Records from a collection
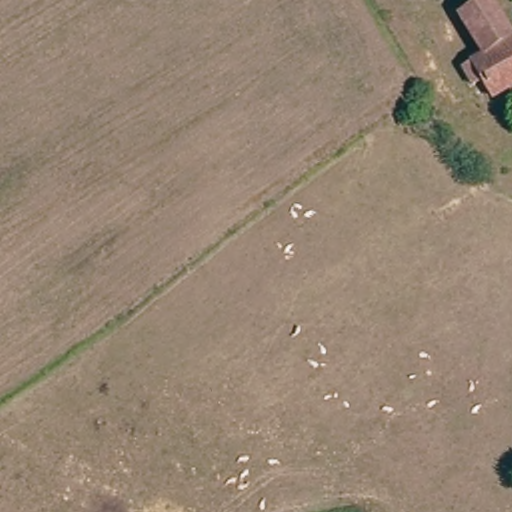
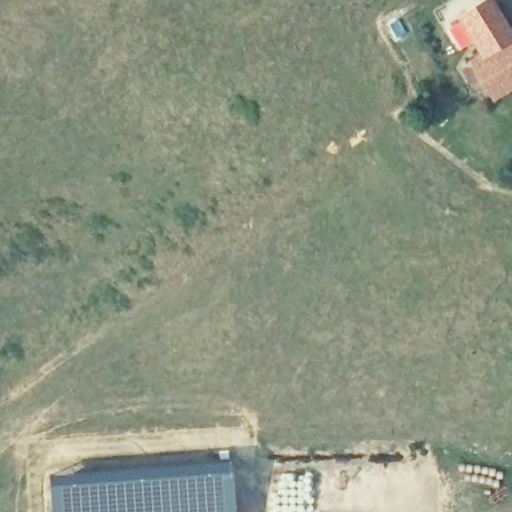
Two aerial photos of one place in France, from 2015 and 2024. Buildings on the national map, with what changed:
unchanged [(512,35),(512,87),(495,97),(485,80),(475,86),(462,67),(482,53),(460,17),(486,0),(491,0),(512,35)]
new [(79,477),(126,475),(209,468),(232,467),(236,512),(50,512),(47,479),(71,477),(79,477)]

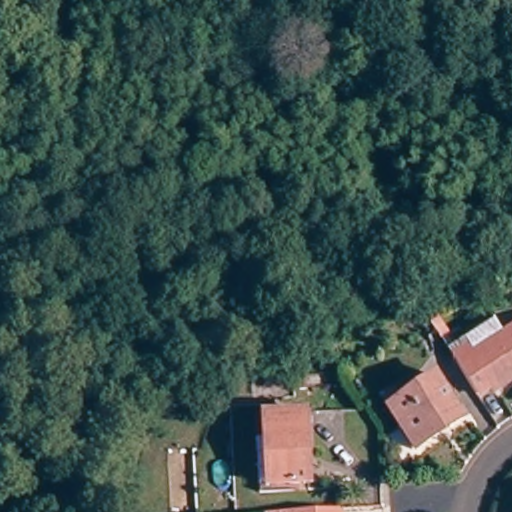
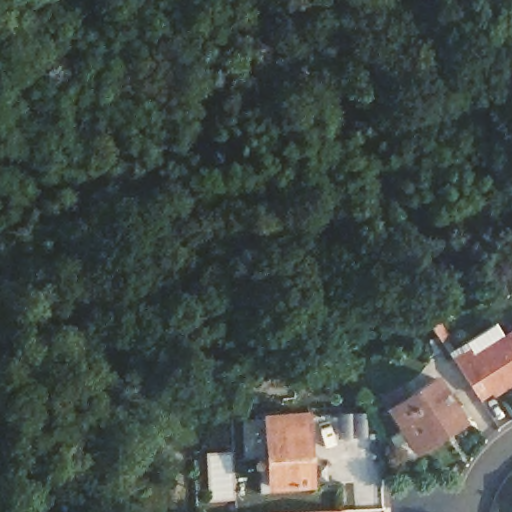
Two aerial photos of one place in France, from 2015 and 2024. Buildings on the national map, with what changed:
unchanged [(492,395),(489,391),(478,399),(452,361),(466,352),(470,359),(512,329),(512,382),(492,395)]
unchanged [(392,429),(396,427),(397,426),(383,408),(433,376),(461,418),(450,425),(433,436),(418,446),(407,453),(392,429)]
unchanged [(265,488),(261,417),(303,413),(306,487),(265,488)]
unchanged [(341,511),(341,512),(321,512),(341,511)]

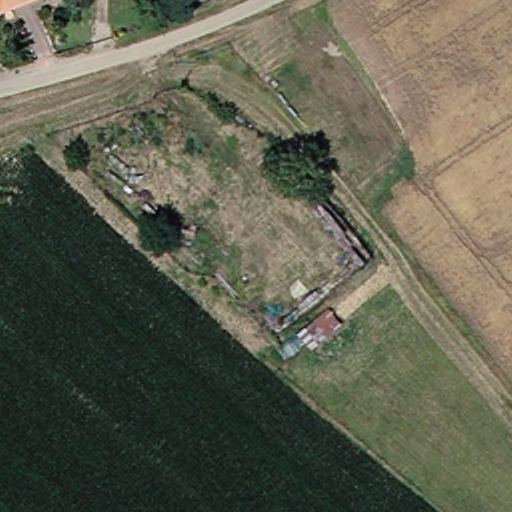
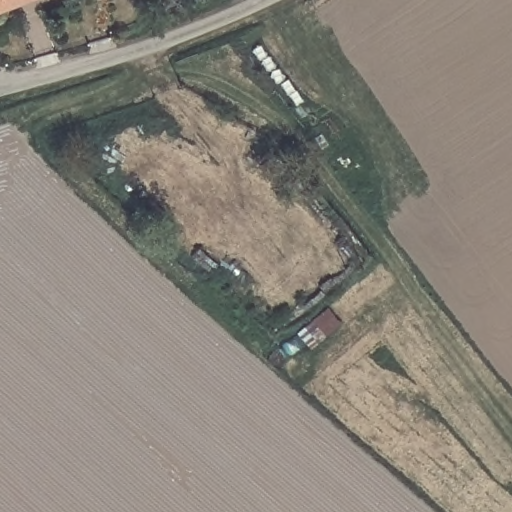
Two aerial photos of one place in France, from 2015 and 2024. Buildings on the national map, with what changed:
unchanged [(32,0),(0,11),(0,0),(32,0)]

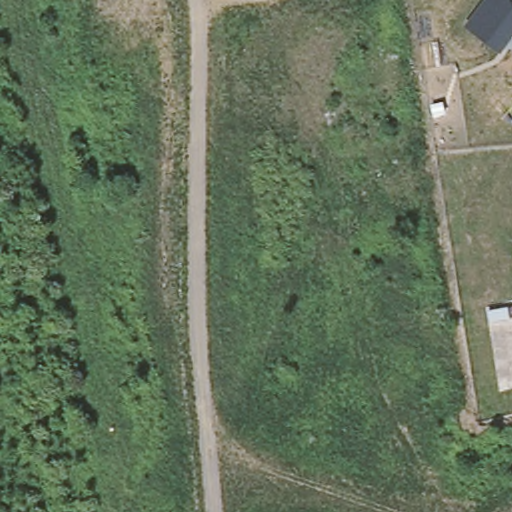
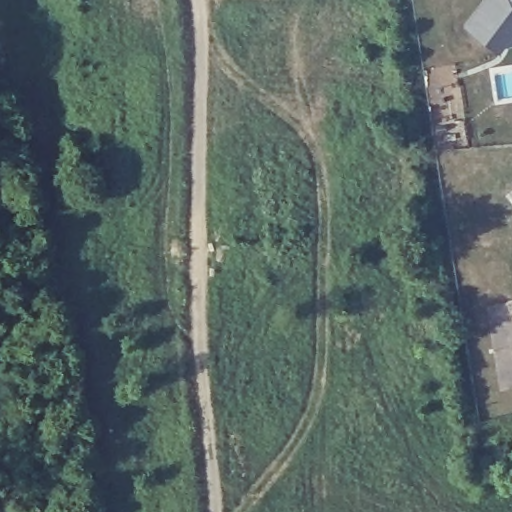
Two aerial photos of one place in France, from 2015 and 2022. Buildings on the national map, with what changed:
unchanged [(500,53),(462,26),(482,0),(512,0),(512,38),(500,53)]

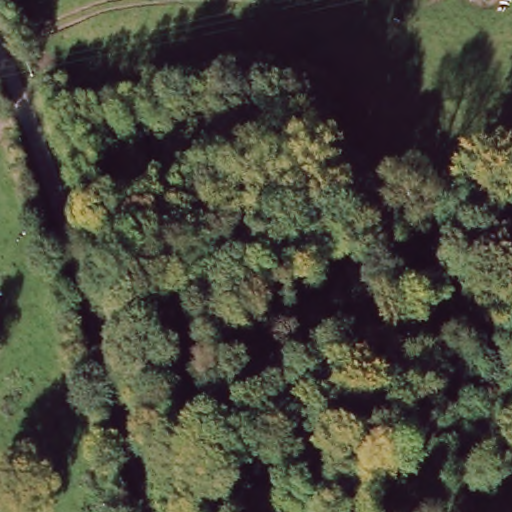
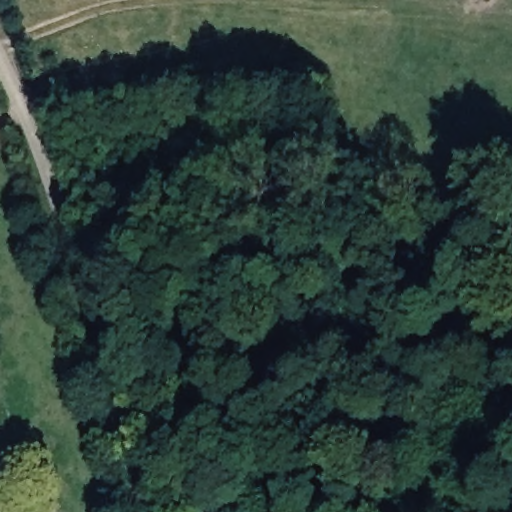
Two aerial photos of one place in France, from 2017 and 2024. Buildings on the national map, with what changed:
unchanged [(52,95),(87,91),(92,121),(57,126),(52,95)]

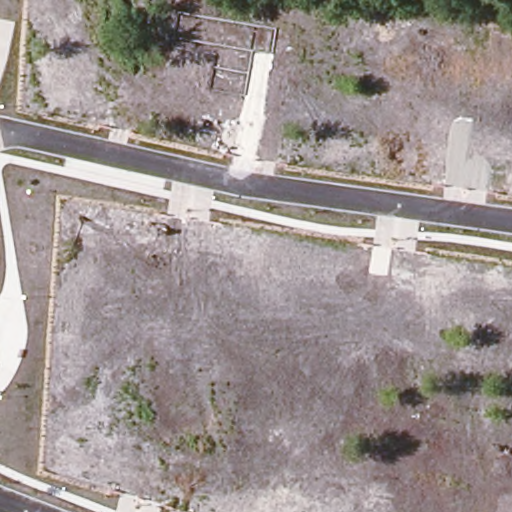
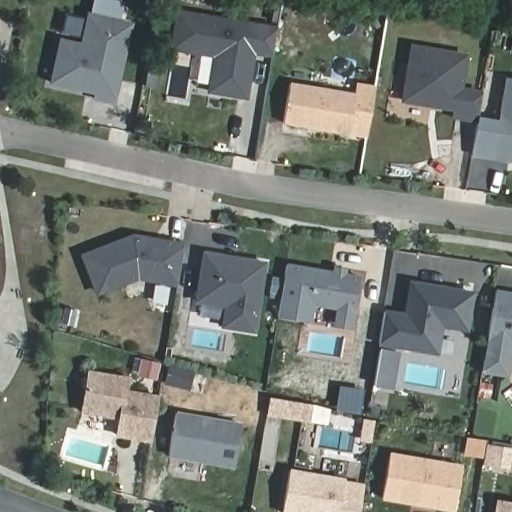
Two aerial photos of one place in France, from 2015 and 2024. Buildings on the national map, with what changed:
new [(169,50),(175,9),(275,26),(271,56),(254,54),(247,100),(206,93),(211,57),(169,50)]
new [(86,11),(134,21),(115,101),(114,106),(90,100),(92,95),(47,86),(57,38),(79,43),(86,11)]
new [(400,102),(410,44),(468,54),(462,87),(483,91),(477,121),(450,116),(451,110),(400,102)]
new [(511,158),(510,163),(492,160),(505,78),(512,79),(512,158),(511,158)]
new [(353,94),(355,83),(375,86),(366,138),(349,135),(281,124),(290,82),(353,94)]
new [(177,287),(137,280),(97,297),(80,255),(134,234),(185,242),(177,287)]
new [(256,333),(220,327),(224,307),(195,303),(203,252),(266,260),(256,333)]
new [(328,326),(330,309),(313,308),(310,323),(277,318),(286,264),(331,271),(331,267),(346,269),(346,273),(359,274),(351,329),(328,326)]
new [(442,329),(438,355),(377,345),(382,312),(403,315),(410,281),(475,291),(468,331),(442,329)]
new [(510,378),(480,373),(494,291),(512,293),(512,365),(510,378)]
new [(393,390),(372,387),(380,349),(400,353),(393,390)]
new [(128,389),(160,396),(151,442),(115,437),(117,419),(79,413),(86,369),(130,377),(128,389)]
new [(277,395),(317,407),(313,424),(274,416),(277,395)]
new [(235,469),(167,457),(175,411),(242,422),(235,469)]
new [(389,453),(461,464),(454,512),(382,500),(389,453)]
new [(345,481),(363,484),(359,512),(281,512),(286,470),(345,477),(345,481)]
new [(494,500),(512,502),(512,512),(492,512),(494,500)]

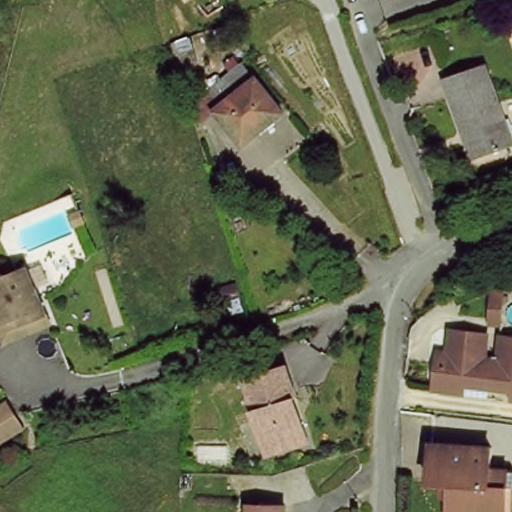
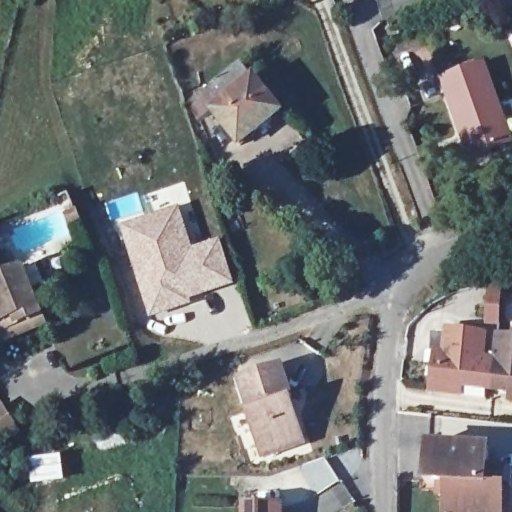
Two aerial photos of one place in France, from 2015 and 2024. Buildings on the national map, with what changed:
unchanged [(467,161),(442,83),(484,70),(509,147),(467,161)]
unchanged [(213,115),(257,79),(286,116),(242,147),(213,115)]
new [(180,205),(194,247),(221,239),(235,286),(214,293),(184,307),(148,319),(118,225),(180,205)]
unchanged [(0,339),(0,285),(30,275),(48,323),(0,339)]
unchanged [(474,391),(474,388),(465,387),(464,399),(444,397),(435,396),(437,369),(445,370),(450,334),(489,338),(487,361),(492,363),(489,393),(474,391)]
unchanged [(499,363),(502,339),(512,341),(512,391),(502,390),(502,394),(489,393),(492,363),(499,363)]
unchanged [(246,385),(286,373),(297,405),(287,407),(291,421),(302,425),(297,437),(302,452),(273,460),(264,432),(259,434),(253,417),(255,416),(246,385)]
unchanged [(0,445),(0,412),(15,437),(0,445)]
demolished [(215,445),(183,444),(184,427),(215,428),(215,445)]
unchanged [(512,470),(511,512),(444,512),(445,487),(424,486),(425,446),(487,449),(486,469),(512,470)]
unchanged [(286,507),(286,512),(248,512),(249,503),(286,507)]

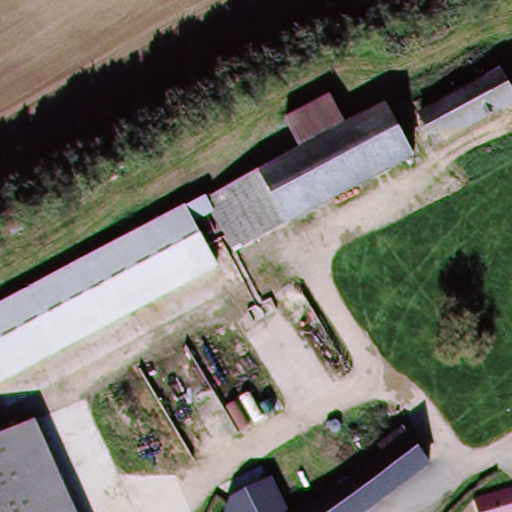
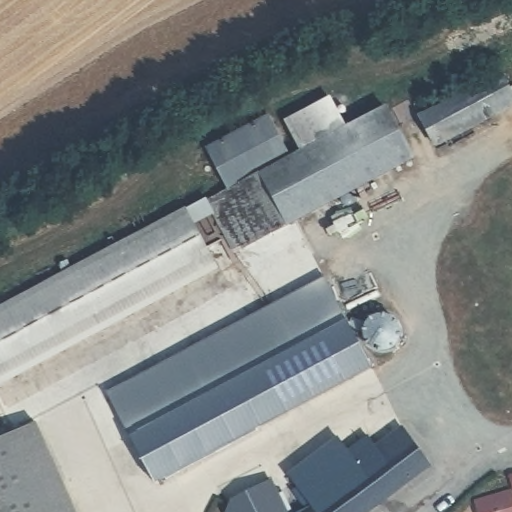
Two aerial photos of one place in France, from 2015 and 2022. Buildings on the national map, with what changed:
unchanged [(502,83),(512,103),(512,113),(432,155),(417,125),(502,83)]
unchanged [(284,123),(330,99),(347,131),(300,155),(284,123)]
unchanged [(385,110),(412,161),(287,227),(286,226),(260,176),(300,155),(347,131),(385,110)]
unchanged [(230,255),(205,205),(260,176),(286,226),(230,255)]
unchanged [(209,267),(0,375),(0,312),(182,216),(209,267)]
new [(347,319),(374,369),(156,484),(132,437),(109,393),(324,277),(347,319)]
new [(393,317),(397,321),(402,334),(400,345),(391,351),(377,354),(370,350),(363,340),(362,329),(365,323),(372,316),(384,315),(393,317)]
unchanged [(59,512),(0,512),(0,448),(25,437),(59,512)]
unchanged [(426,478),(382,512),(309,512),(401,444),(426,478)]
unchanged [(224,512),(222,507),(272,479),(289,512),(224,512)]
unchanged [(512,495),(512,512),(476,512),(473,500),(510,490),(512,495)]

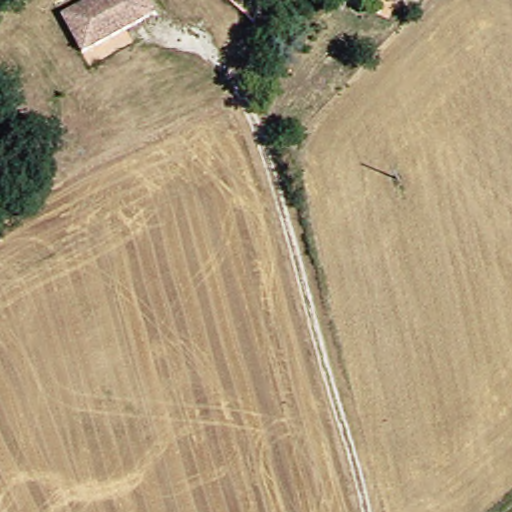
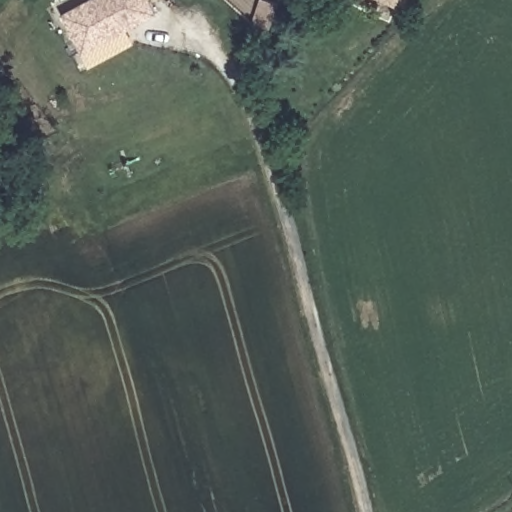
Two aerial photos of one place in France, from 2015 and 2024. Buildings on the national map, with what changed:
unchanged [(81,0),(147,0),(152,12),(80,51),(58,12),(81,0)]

* _Required work_: The records are to be returned word for word, without any of their pictures.

* _Output for this exercise_:
Two aerial photos of one place in France, from 2015 and 2024. Buildings on the national map, with what changed:
unchanged [(512,35),(512,87),(495,97),(485,80),(475,86),(462,67),(482,53),(460,17),(486,0),(491,0),(512,35)]
new [(79,477),(126,475),(209,468),(232,467),(236,512),(50,512),(47,479),(71,477),(79,477)]

Two aerial photos of one place in France, from 2015 and 2024. Buildings on the national map, with what changed:
unchanged [(492,395),(489,391),(478,399),(452,361),(466,352),(470,359),(512,329),(512,382),(492,395)]
unchanged [(392,429),(396,427),(397,426),(383,408),(433,376),(461,418),(450,425),(433,436),(418,446),(407,453),(392,429)]
unchanged [(265,488),(261,417),(303,413),(306,487),(265,488)]
unchanged [(341,511),(341,512),(321,512),(341,511)]

Two aerial photos of one place in France, from 2015 and 2024. Buildings on the national map, with what changed:
unchanged [(32,0),(0,11),(0,0),(32,0)]

Two aerial photos of one place in France, from 2015 and 2022. Buildings on the national map, with what changed:
unchanged [(500,53),(462,26),(482,0),(512,0),(512,38),(500,53)]

Two aerial photos of one place in France, from 2017 and 2024. Buildings on the national map, with what changed:
unchanged [(52,95),(87,91),(92,121),(57,126),(52,95)]

Two aerial photos of one place in France, from 2015 and 2024. Buildings on the national map, with what changed:
new [(169,50),(175,9),(275,26),(271,56),(254,54),(247,100),(206,93),(211,57),(169,50)]
new [(86,11),(134,21),(115,101),(114,106),(90,100),(92,95),(47,86),(57,38),(79,43),(86,11)]
new [(400,102),(410,44),(468,54),(462,87),(483,91),(477,121),(450,116),(451,110),(400,102)]
new [(511,158),(510,163),(492,160),(505,78),(512,79),(512,158),(511,158)]
new [(353,94),(355,83),(375,86),(366,138),(349,135),(281,124),(290,82),(353,94)]
new [(177,287),(137,280),(97,297),(80,255),(134,234),(185,242),(177,287)]
new [(256,333),(220,327),(224,307),(195,303),(203,252),(266,260),(256,333)]
new [(328,326),(330,309),(313,308),(310,323),(277,318),(286,264),(331,271),(331,267),(346,269),(346,273),(359,274),(351,329),(328,326)]
new [(442,329),(438,355),(377,345),(382,312),(403,315),(410,281),(475,291),(468,331),(442,329)]
new [(510,378),(480,373),(494,291),(512,293),(512,365),(510,378)]
new [(393,390),(372,387),(380,349),(400,353),(393,390)]
new [(128,389),(160,396),(151,442),(115,437),(117,419),(79,413),(86,369),(130,377),(128,389)]
new [(277,395),(317,407),(313,424),(274,416),(277,395)]
new [(235,469),(167,457),(175,411),(242,422),(235,469)]
new [(389,453),(461,464),(454,512),(382,500),(389,453)]
new [(345,481),(363,484),(359,512),(281,512),(286,470),(345,477),(345,481)]
new [(494,500),(512,502),(512,512),(492,512),(494,500)]

Two aerial photos of one place in France, from 2015 and 2024. Buildings on the national map, with what changed:
unchanged [(467,161),(442,83),(484,70),(509,147),(467,161)]
unchanged [(213,115),(257,79),(286,116),(242,147),(213,115)]
new [(180,205),(194,247),(221,239),(235,286),(214,293),(184,307),(148,319),(118,225),(180,205)]
unchanged [(0,339),(0,285),(30,275),(48,323),(0,339)]
unchanged [(474,391),(474,388),(465,387),(464,399),(444,397),(435,396),(437,369),(445,370),(450,334),(489,338),(487,361),(492,363),(489,393),(474,391)]
unchanged [(499,363),(502,339),(512,341),(512,391),(502,390),(502,394),(489,393),(492,363),(499,363)]
unchanged [(246,385),(286,373),(297,405),(287,407),(291,421),(302,425),(297,437),(302,452),(273,460),(264,432),(259,434),(253,417),(255,416),(246,385)]
unchanged [(0,445),(0,412),(15,437),(0,445)]
demolished [(215,445),(183,444),(184,427),(215,428),(215,445)]
unchanged [(512,470),(511,512),(444,512),(445,487),(424,486),(425,446),(487,449),(486,469),(512,470)]
unchanged [(286,507),(286,512),(248,512),(249,503),(286,507)]

Two aerial photos of one place in France, from 2015 and 2022. Buildings on the national map, with what changed:
unchanged [(502,83),(512,103),(512,113),(432,155),(417,125),(502,83)]
unchanged [(284,123),(330,99),(347,131),(300,155),(284,123)]
unchanged [(385,110),(412,161),(287,227),(286,226),(260,176),(300,155),(347,131),(385,110)]
unchanged [(230,255),(205,205),(260,176),(286,226),(230,255)]
unchanged [(209,267),(0,375),(0,312),(182,216),(209,267)]
new [(347,319),(374,369),(156,484),(132,437),(109,393),(324,277),(347,319)]
new [(393,317),(397,321),(402,334),(400,345),(391,351),(377,354),(370,350),(363,340),(362,329),(365,323),(372,316),(384,315),(393,317)]
unchanged [(59,512),(0,512),(0,448),(25,437),(59,512)]
unchanged [(426,478),(382,512),(309,512),(401,444),(426,478)]
unchanged [(224,512),(222,507),(272,479),(289,512),(224,512)]
unchanged [(512,495),(512,512),(476,512),(473,500),(510,490),(512,495)]

Two aerial photos of one place in France, from 2015 and 2024. Buildings on the national map, with what changed:
unchanged [(81,0),(147,0),(152,12),(80,51),(58,12),(81,0)]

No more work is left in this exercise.